Через несколько енов я вернулся на своё прежнее место в конце колонны. Раздался новый выстрел плети, и цепь начала движение. Однако блондинка, стоявшая последней, с поправкой на длину цепи, тронулась с места спустя, по крайней мере, ещё на два ена позднее.

Вероятно некоторым женщинам впереди стоило бы сообщить, что в караване первый шаг делается с левой ногой. Впрочем, позднее такие мелочи станут для них второй натурой.

Когда мы двигались от площади Тарнов, улицы казались словно вымершими. Те редкие люди, которые попадались нам по пути, казалось, совсем не заинтересовались караваном. Многие, из них и вовсе отводили взгляд. Теперь они уже практически ничего не могли поделать с этим. Фактически содержимое этого каравана больше к Ару никакого отношения не имело. Правда однажды нам встретились несколько мужчин в турианских одеждах, которые отойдя к стене и скрестив руки на груди с интересом рассматривали караван. Вот только взгляд у них очень был похож на оценивающий взгляд работорговцев. Дважды какие-то мальчишки выскочив из подворотни, накинулись на караван, высмеивая его пленниц, плюя в них и швыряя мелкими камнями. После того как сорванцов шуганул один из стражников, те умчались вперёд, даже на бегу успевая стегать женщин хворостинами. Уже, даже этим детям эти женщины не казались чем-то большим, чем простые рабыни.

Когда я продевал цепь сквозь руки Клаудии Тентиус Хинрабии, кстати, я не стал сообщать ей о том, что она была выбрана а качестве основного развлечения на предстоящем ужине, который будет дан Таленой из Ара, в зале Убара в Центральной Башне. Зачем? Она сама достаточно скоро узнает об этом.

10. Меч, томимый жаждой

— А я ещё помню, когда мужчины Ара, те, которых я видел на севере, ходили с гордо поднятой головой, — хмуро проворчал Марк.

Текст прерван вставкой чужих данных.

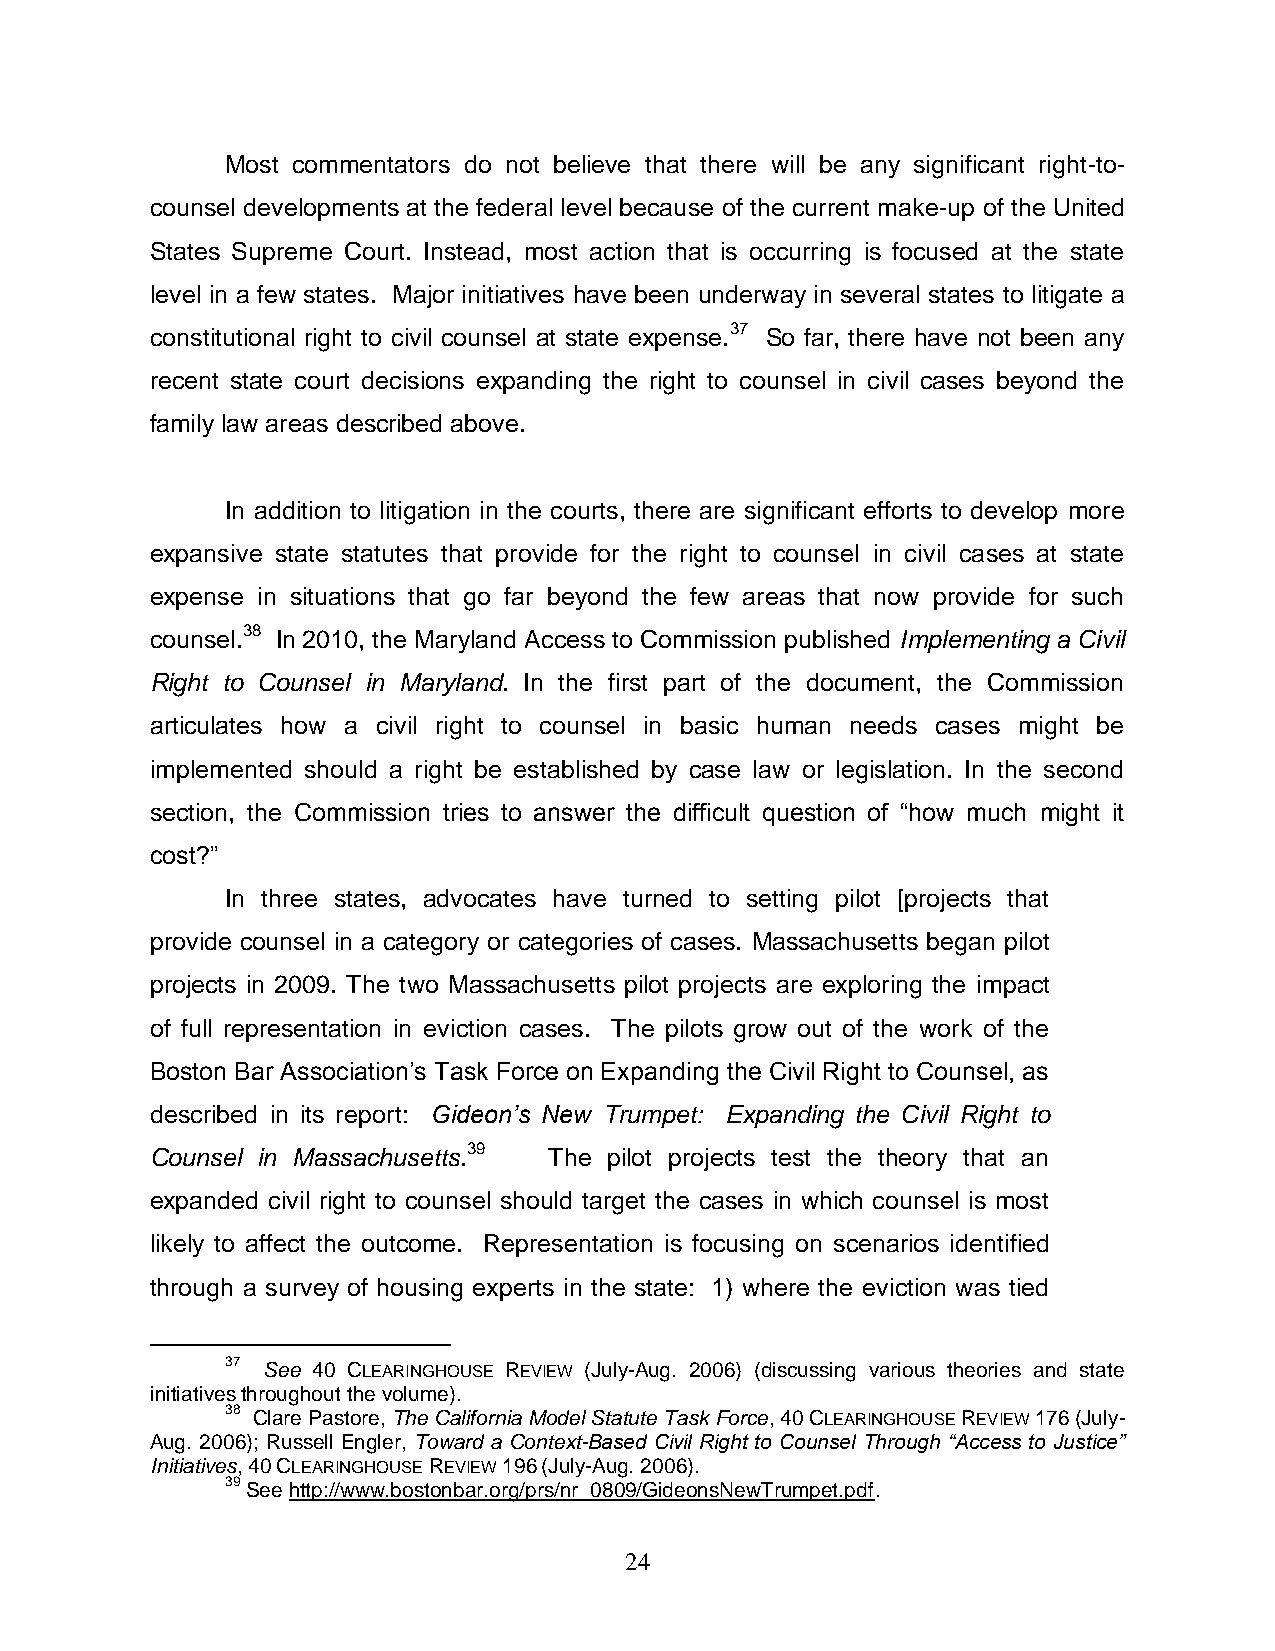
Most commentators do not believe that there will be any significant right-to-
 counsel developments at the federal level because of the current make-up of the United
 States Supreme Court. Instead, most action that is occurring is focused at the state
 level in a few states. Major initiatives have been underway in several states to litigate a
 constitutional right to civil counsel at state expense.37 So far, there have not been any
 recent state court decisions expanding the right to counsel in civil cases beyond the
 family law areas described above.
 In addition to litigation in the courts, there are significant efforts to develop more
 expansive state statutes that provide for the right to counsel in civil cases at state
 expense in situations that go far beyond the few areas that now provide for such
 counsel.38 In 2010, the Maryland Access to Commission published Implementing a Civil
 Right to Counsel in Maryland. In the first part of the document, the Commission
 articulates how a civil right to counsel in basic human needs cases might be
 implemented should a right be established by case law or legislation. In the second
 section, the Commission tries to answer the difficult question of ―how much might it
 cost?‖
 In three states, advocates have turned to setting pilot [projects that
 provide counsel in a category or categories of cases. Massachusetts began pilot
 projects in 2009. The two Massachusetts pilot projects are exploring the impact
 of full representation in eviction cases. The pilots grow out of the work of the
 Boston Bar Association’s Task Force on Expanding the Civil Right to Counsel, as
 described in its report: Gideon’s New Trumpet: Expanding the Civil Right to
 Counsel in Massachusetts.39 The pilot projects test the theory that an
 expanded civil right to counsel should target the cases in which counsel is most
 likely to affect the outcome. Representation is focusing on scenarios identified
 through a survey of housing experts in the state: 1) where the eviction was tied
 37 See 40 CLEARINGHOUSE REVIEW (July-Aug. 2006) (discussing various theories and state
 initiatives throughout the volume).
 38 Clare Pastore, The California Model Statute Task Force, 40 CLEARINGHOUSE REVIEW 176 (July-
 Aug. 2006); Russell Engler, Toward a Context-Based Civil Right to Counsel Through “Access to Justice”
 Initiatives, 40 CLEARINGHOUSE REVIEW 196 (July-Aug. 2006).
 39 See http://www.bostonbar.org/prs/nr_0809/GideonsNewTrumpet.pdf.
 24
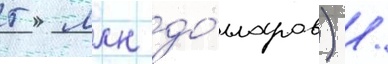
5 млн до́лларов) /
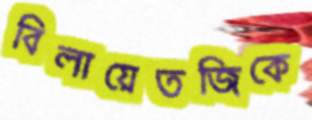
বিলায়েতজিকে
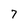
Character: 7
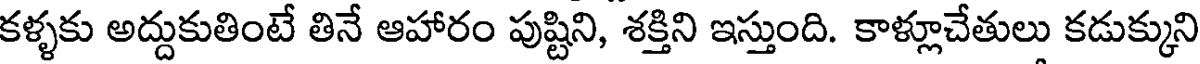
కళ్ళకు అద్దుకుతింటే తినే ఆహారం పుష్టిని, శక్తిని ఇస్తుంది. కాళ్లూచేతులు కడుక్కుని
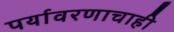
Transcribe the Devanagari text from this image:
पर्यावरणाचाही
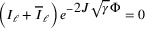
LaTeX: \left( I _ { \ell } + \overline { { I } } _ { \ell } \right) e ^ { - \displaystyle 2 J \sqrt { \gamma } \Phi } = 0
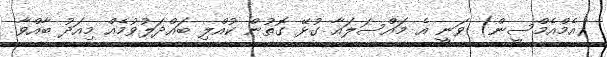
(އެމްއެމްސީން) ވަނީ އެ މައްސަލައާ ގުޅޭ ގޮތުން ކުއްލި ބައްދަލުވުމެއް މިއަދު ބާއްވާ
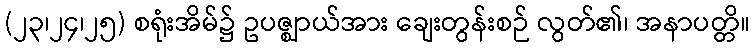
(၂၃၊၂၄၊၂၅) စရုံးအိမ်၌ ဥပဇ္ဈာယ်အား ချေးတွန်းစဉ် လွတ်၏၊ အနာပတ္တိ။
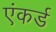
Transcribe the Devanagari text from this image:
एंकर्ड
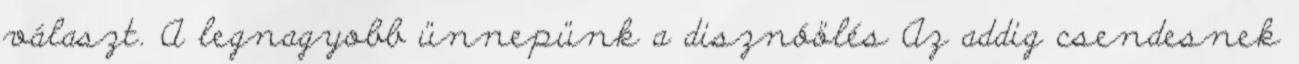
választ. A legnagyobb ünnepünk a disznóölés Az addig csendesnek
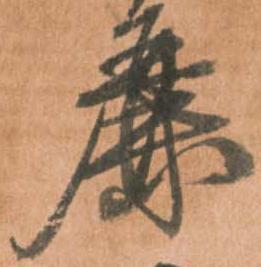
麗
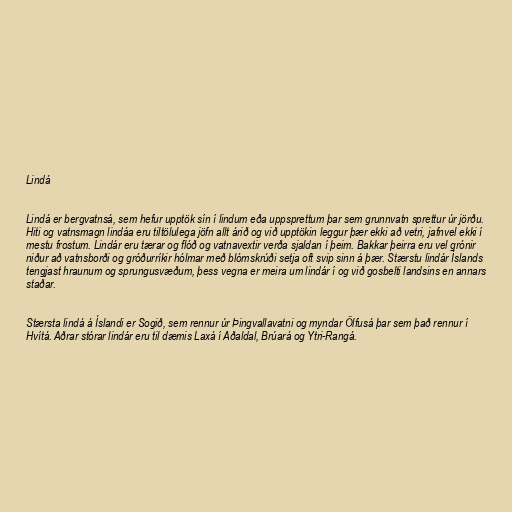
Lindá

Lindá er bergvatnsá, sem hefur upptök sín í lindum eða uppsprettum þar sem grunnvatn sprettur úr jörðu.
Hiti og vatnsmagn lindáa eru tiltölulega jöfn allt árið og við upptökin leggur þær ekki að vetri, jafnvel ekki í
mestu frostum. Lindár eru tærar og flóð og vatnavextir verða sjaldan í þeim. Bakkar þeirra eru vel grónir
niður að vatnsborði og gróðurríkir hólmar með blómskrúði setja oft svip sinn á þær. Stærstu lindár Íslands
tengjast hraunum og sprungusvæðum, þess vegna er meira um lindár í og við gosbelti landsins en annars
staðar.

Stærsta lindá á Íslandi er Sogið, sem rennur úr Þingvallavatni og myndar Ölfusá þar sem það rennur í
Hvítá. Aðrar stórar lindár eru til dæmis Laxá í Aðaldal, Brúará og Ytri-Rangá.
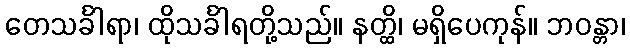
တေသင်္ခါရာ၊ ထိုသင်္ခါရတို့သည်။ နတ္ထိ၊ မရှိပေကုန်။ ဘဝန္တာ၊
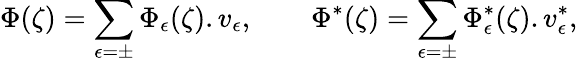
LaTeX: \Phi(\zeta)=\sum_{\epsilon=\pm}\Phi_{\epsilon}(\zeta).v_{\epsilon},\qquad\Phi^{*}(\zeta)=\sum_{\epsilon=\pm}\Phi_{\epsilon}^{*}(\zeta).v_{\epsilon}^{*},
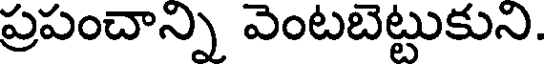
ప్రపంచాన్ని వెంటబెట్టుకుని.
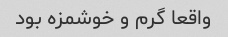
واقعا گرم و خوشمزه بود
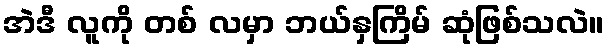
အဲဒီ လူကို တစ် လမှာ ဘယ်နှကြိမ် ဆုံဖြစ်သလဲ။
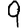
Digit: 9
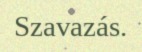
Szavazás.
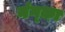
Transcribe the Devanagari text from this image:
मंग्का
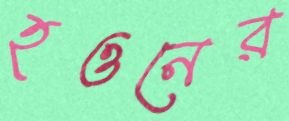
হওনের
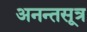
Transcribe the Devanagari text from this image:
अनन्तसूत्र
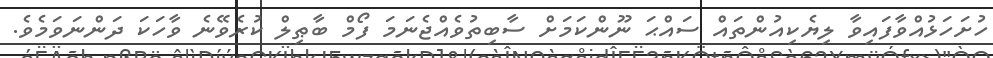
ހުށަހަޅުއްވާފައިވާ ލިޔެކިއުންތައް ސައްޙަ ނޫންކަމަށް ސާބިތުވެއްޖެނަމަ ފޯމް ބާޠިލް ކުރެވޭނެ ވާހަކަ ދަންނަވަމެވެ.
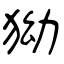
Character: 狕
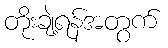
တိုးချဲ့ရန်အတွက်
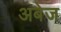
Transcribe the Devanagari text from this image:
अबेज
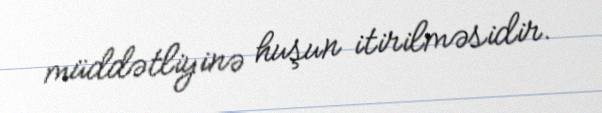
müddətliyinə huşun itirilməsidir.
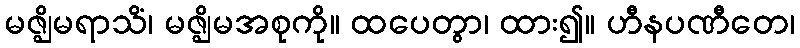
မဇ္ဈိမရာသိံ၊ မဇ္ဈိမအစုကို။ ထပေတွာ၊ ထား၍။ ဟီနပဏီတေ၊
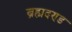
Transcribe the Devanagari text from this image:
ब्रह्मदण्ड
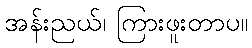
အန်းညယ်၊ ကြားဖူးတာပ။

Теперь люди в городе были подавлены, за исключением разве что некоторой части идеалистически настроенной молодежи, которая, казалось, даже гордилась его крушением.

— Я тоже, — вздохнул я.

Со дня входа в город Мирона Полемаркоса из Темоса прошло уже несколько месяцев. Систематический грабеж Ара не только продолжался, но кажется, только набирал обороты. Были организованы ещё несколько контрибуций женщинами, как свободными, так и рабынями. Работы по разрушению городских стен продолжались полным ходом.